▶ [DIRECTIONS FOR THIS TASK]: A line qualifies if it holds the string "round". Copy every qualifying line from the records.

▶ [DATA RECORDS]:

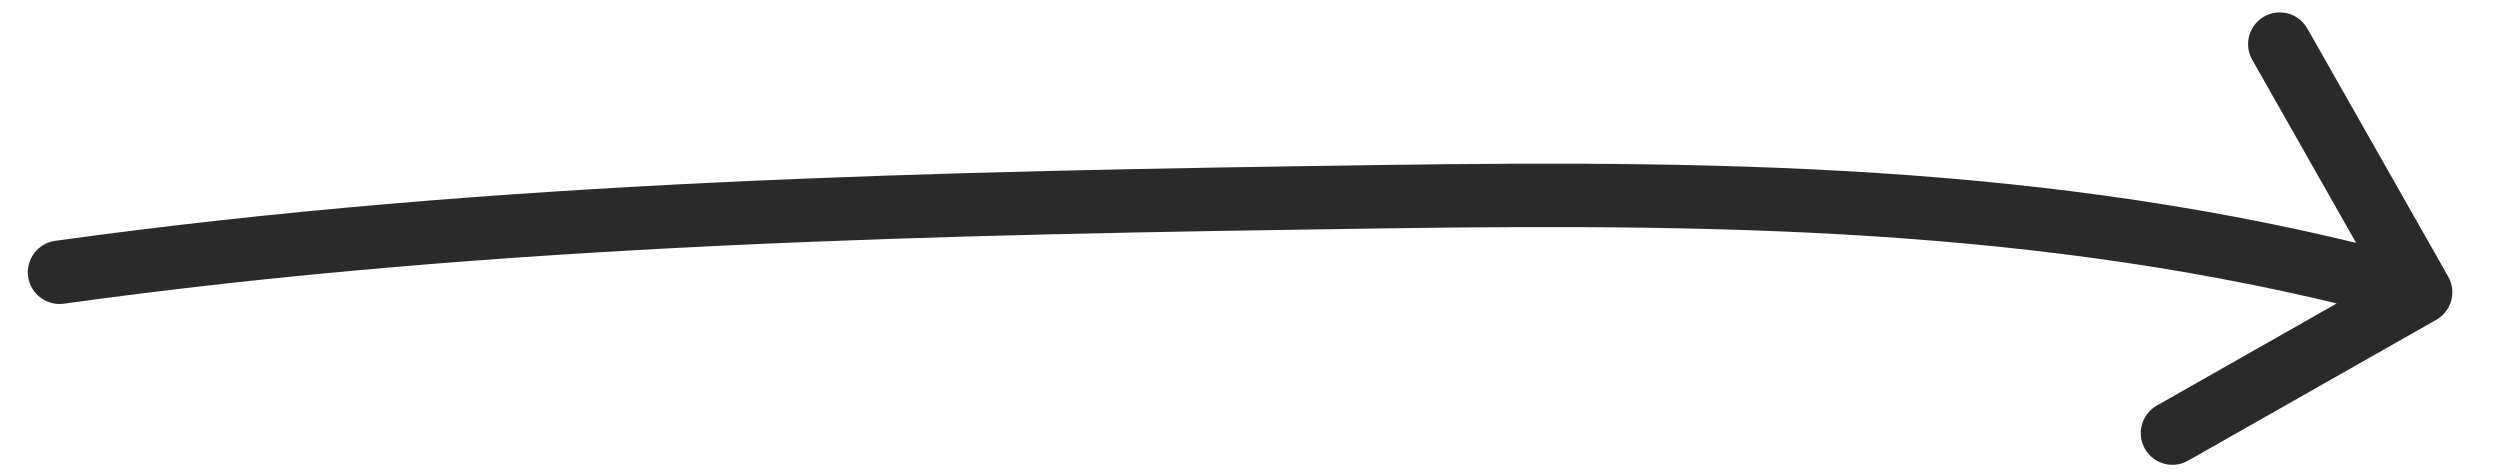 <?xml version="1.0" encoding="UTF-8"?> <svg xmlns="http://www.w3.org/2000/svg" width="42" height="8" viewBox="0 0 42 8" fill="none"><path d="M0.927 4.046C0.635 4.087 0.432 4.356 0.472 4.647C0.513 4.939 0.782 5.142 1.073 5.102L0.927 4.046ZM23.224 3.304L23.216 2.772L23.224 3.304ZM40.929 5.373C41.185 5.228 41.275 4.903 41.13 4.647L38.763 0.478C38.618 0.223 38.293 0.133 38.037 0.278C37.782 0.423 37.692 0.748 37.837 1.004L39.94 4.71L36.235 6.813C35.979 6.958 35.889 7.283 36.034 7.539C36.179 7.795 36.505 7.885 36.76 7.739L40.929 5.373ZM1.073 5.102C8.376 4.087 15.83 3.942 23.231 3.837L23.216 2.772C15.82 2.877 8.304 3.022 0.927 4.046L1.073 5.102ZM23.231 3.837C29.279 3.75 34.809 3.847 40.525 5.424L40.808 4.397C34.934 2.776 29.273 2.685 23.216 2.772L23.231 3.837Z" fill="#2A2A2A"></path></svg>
--
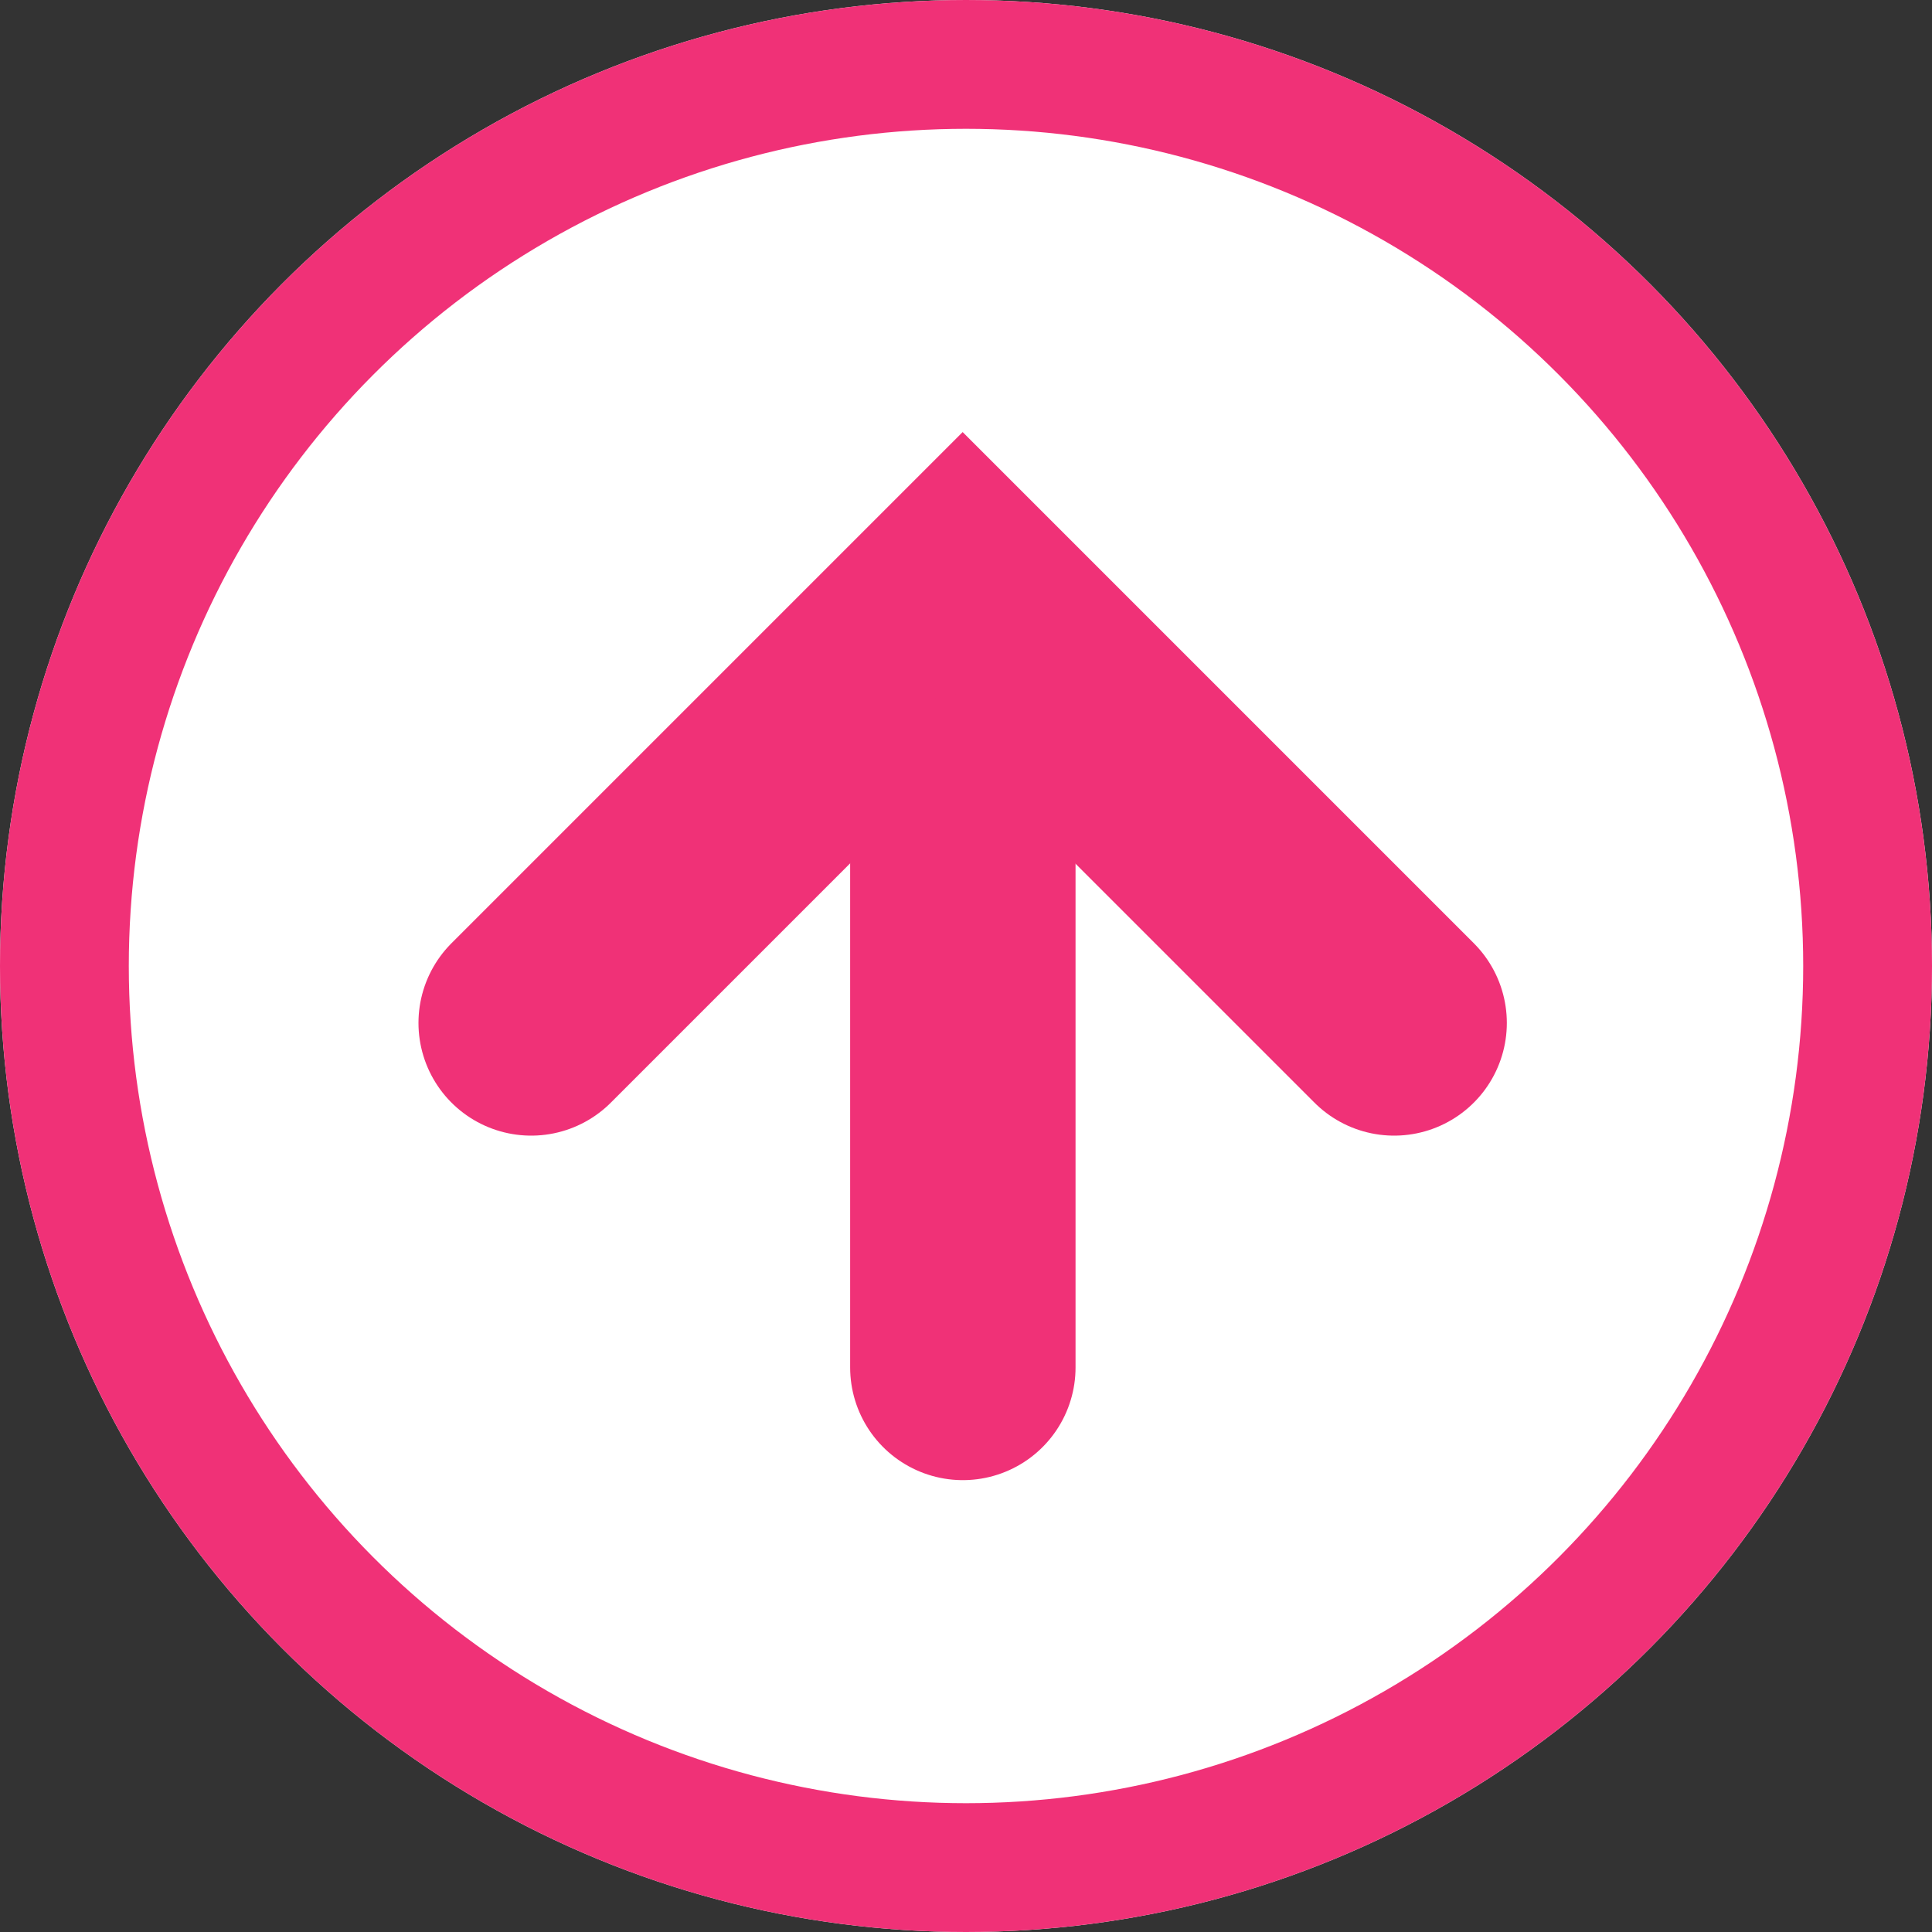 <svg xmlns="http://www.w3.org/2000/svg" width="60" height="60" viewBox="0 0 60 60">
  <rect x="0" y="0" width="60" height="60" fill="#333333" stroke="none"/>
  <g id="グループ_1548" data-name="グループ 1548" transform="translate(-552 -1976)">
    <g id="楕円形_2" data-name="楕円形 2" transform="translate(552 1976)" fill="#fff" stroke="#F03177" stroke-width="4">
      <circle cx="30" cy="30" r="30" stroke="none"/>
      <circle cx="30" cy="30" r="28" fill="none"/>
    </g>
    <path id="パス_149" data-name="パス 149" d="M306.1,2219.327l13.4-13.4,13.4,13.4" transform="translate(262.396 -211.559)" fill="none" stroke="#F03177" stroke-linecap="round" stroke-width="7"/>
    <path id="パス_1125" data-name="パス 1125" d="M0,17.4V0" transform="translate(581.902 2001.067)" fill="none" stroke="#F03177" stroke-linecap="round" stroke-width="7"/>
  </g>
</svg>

▶ [YOUR SOLUTION]:
    <path id="パス_149" data-name="パス 149" d="M306.1,2219.327l13.4-13.4,13.4,13.4" transform="translate(262.396 -211.559)" fill="none" stroke="#F03177" stroke-linecap="round" stroke-width="7"/>
    <path id="パス_1125" data-name="パス 1125" d="M0,17.4V0" transform="translate(581.902 2001.067)" fill="none" stroke="#F03177" stroke-linecap="round" stroke-width="7"/>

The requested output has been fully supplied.